[Supplied material]:
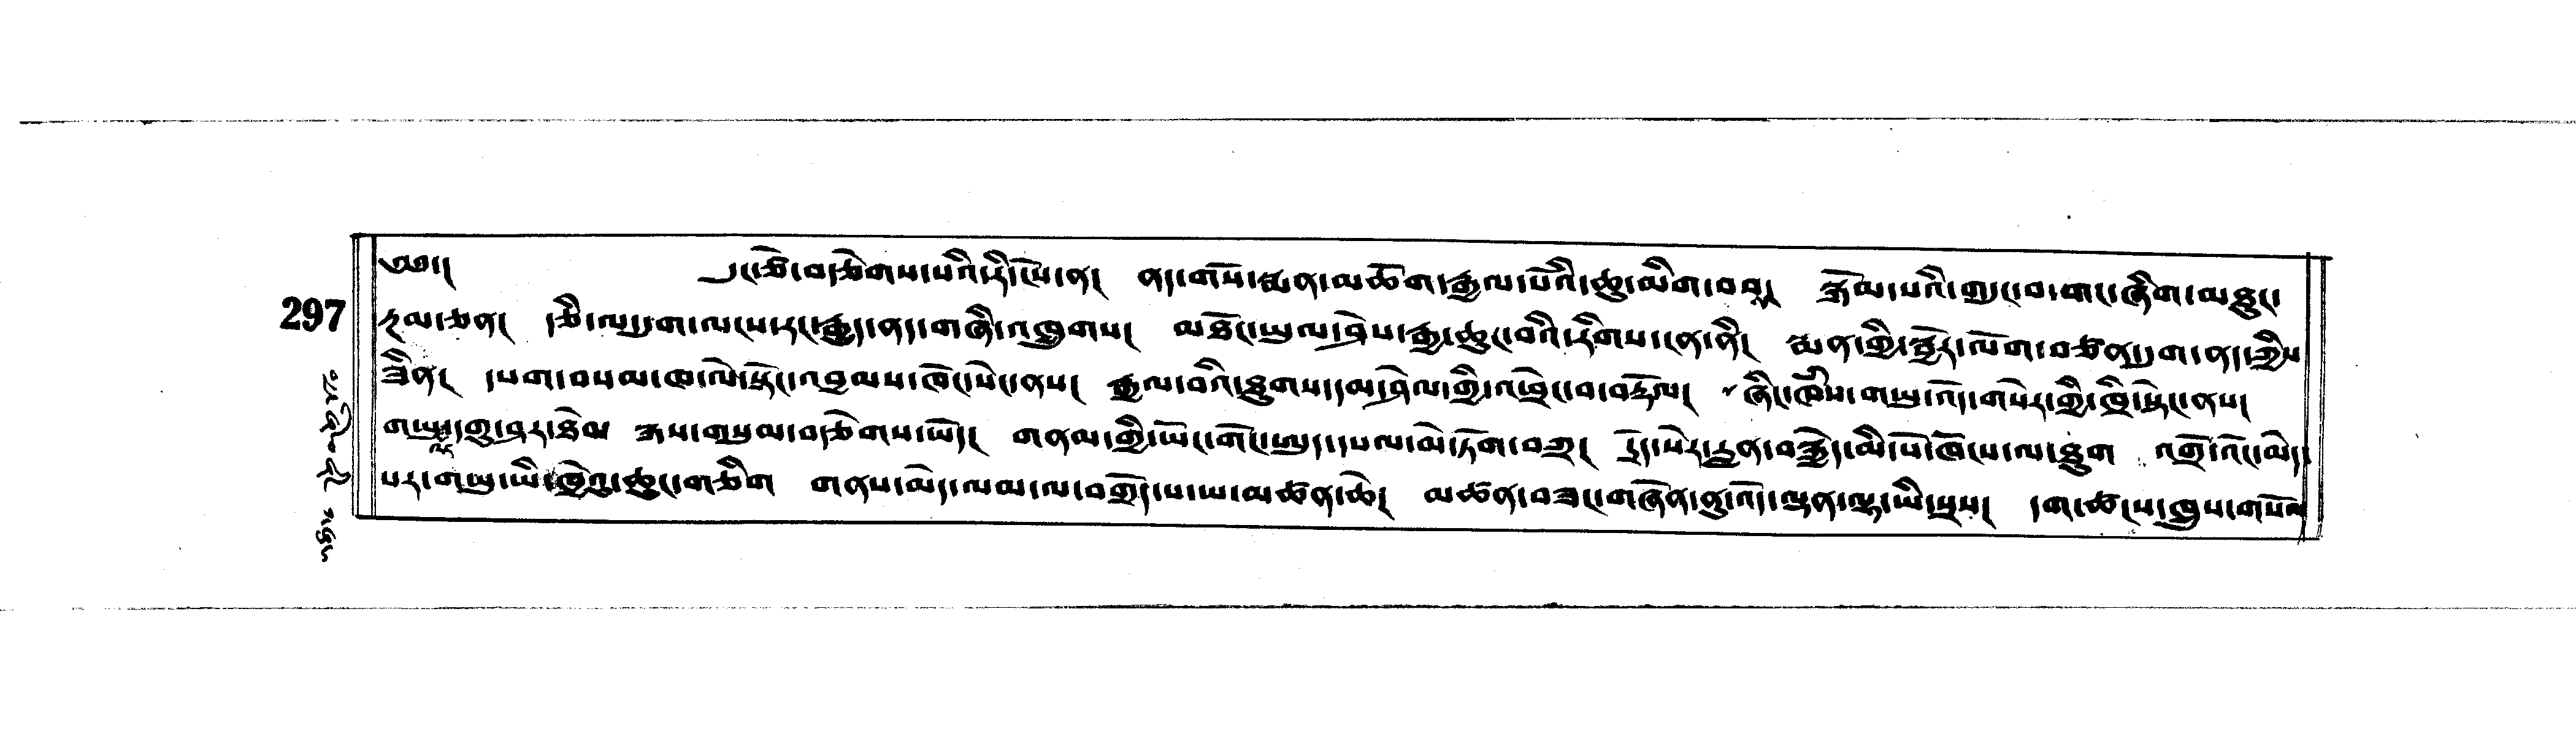དུང་ཙེ་བརྩེགས་པའི་རི་ངོས་ན། ནད་གསོ་སྨན་མཆོག་རྒྱལ་པོའི་ཆུ་མིག་བབས། སྐོམ་པའི་གདུང་བ་གང་ཞིག་འཐུང་
རྔམ་ཅན། རྩི་ལ་དུག་མང་རང་རྒྱུད་ནད་གཞི་འཁྲུག། མཐོང་ཡུལ་ཤེས་རྒྱ་ཆུང་བའི་རིགས་ངན་ནི། སྨན་གྱི་སྦྱོར་ལོག་བཙན་དུག་ནད་ཀྱིས་
ཟིན། དཔག་བསམ་ཁ་ལེ་སྟོང་འབྱམས་ཁོང་སེང་ནས། རྒྱལ་བའི་ཐུགས་དམ་ཤེལ་གྱི་ཕྲེང་བ་བརྡོལ། ༧ ཞིང་ཁམས་གཡུ་འོད་གསེར་གྱི་ཁྲི་སྟེང་ནས། 
གཡུ་འོད་དགུ་ཤར་ཐེམ་སྐས་གསུམ་བརྩེགས་ཡོད། གནམ་གྱི་ཡོང་གོང་ཨུཏྤལ་མེ་ཏོག་བཀྲ། དྲོད་སེར་རླན་བསྐྱེད་མི་ཕོ་ཁོང་ལ་ཐུག། འགྲོ་འོང་མེད་
པར་གཡུ་ཡི་ཁྱེའུ་ཆུང་གཅིག གནས་མེད་ལམ་ལ་བགྲོད་པ་ཡ་མཚན་ཆེ། མཚན་བཟང་གཞོན་ནུ་འོད་ལྡན་ལྷ་ཡི་སྲས། དག་ཚངས་ཁྲུས་གསོལ་
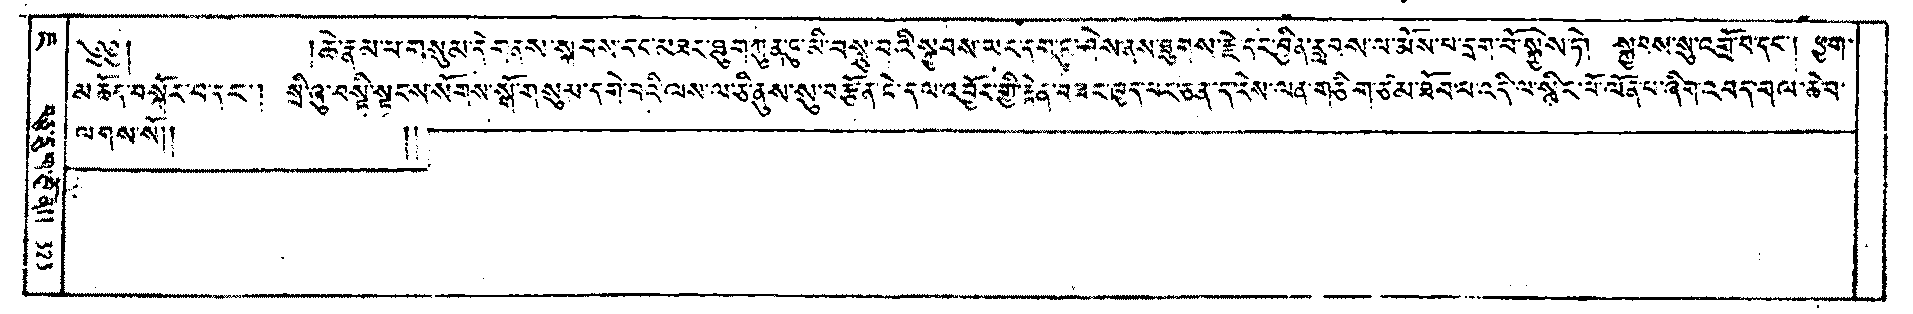༄༅། །ཆེ་རྣམ་པ་གསུམ་དེ་གནས་སྐབས་དང་མཐར་ཐུག་ཀུན་ཏུ་མི་བསླུ་བའི་སྐྱབས་ཡང་དག་ཏུ་ཤེས་ནས་ཐུགས་རྗེ་དང་བྱིན་རླབས་ལ་མོས་པ་དྲག་པོ་སྐྱེས་ཏེ། སྐྱབས་སུ་འགྲོ་བ་དང་། ཕྱག་
མཆོད་བསྐོར་བ་དང་། སྲི་ཞུ་བསྟི་སྟངས་སོགས་སྒོ་གསུམ་དགེ་བའི་ལས་ལ་ཅི་ནུས་སུ་བརྩོན་ཏེ་དལ་འབྱོར་གྱི་རྟེན་བཟང་ཁྱད་པར་ཅན་ད་རེས་ལན་གཅིག་ཙམ་ཐོབ་པ་འདི་ལ་སྙིང་པོ་ལོན་པ་ཞིག་འབད་གལ་ཆེ་བ་
ལགས་སོ།། །།

[Task brief]: Repeat the material above in full and exactly, apart from the pictures.

[Problem solution]:
དུང་ཙེ་བརྩེགས་པའི་རི་ངོས་ན། ནད་གསོ་སྨན་མཆོག་རྒྱལ་པོའི་ཆུ་མིག་བབས། སྐོམ་པའི་གདུང་བ་གང་ཞིག་འཐུང་
རྔམ་ཅན། རྩི་ལ་དུག་མང་རང་རྒྱུད་ནད་གཞི་འཁྲུག། མཐོང་ཡུལ་ཤེས་རྒྱ་ཆུང་བའི་རིགས་ངན་ནི། སྨན་གྱི་སྦྱོར་ལོག་བཙན་དུག་ནད་ཀྱིས་
ཟིན། དཔག་བསམ་ཁ་ལེ་སྟོང་འབྱམས་ཁོང་སེང་ནས། རྒྱལ་བའི་ཐུགས་དམ་ཤེལ་གྱི་ཕྲེང་བ་བརྡོལ། ༧ ཞིང་ཁམས་གཡུ་འོད་གསེར་གྱི་ཁྲི་སྟེང་ནས། 
གཡུ་འོད་དགུ་ཤར་ཐེམ་སྐས་གསུམ་བརྩེགས་ཡོད། གནམ་གྱི་ཡོང་གོང་ཨུཏྤལ་མེ་ཏོག་བཀྲ། དྲོད་སེར་རླན་བསྐྱེད་མི་ཕོ་ཁོང་ལ་ཐུག། འགྲོ་འོང་མེད་
པར་གཡུ་ཡི་ཁྱེའུ་ཆུང་གཅིག གནས་མེད་ལམ་ལ་བགྲོད་པ་ཡ་མཚན་ཆེ། མཚན་བཟང་གཞོན་ནུ་འོད་ལྡན་ལྷ་ཡི་སྲས། དག་ཚངས་ཁྲུས་གསོལ་
༄༅། །ཆེ་རྣམ་པ་གསུམ་དེ་གནས་སྐབས་དང་མཐར་ཐུག་ཀུན་ཏུ་མི་བསླུ་བའི་སྐྱབས་ཡང་དག་ཏུ་ཤེས་ནས་ཐུགས་རྗེ་དང་བྱིན་རླབས་ལ་མོས་པ་དྲག་པོ་སྐྱེས་ཏེ། སྐྱབས་སུ་འགྲོ་བ་དང་། ཕྱག་
མཆོད་བསྐོར་བ་དང་། སྲི་ཞུ་བསྟི་སྟངས་སོགས་སྒོ་གསུམ་དགེ་བའི་ལས་ལ་ཅི་ནུས་སུ་བརྩོན་ཏེ་དལ་འབྱོར་གྱི་རྟེན་བཟང་ཁྱད་པར་ཅན་ད་རེས་ལན་གཅིག་ཙམ་ཐོབ་པ་འདི་ལ་སྙིང་པོ་ལོན་པ་ཞིག་འབད་གལ་ཆེ་བ་
ལགས་སོ།། །།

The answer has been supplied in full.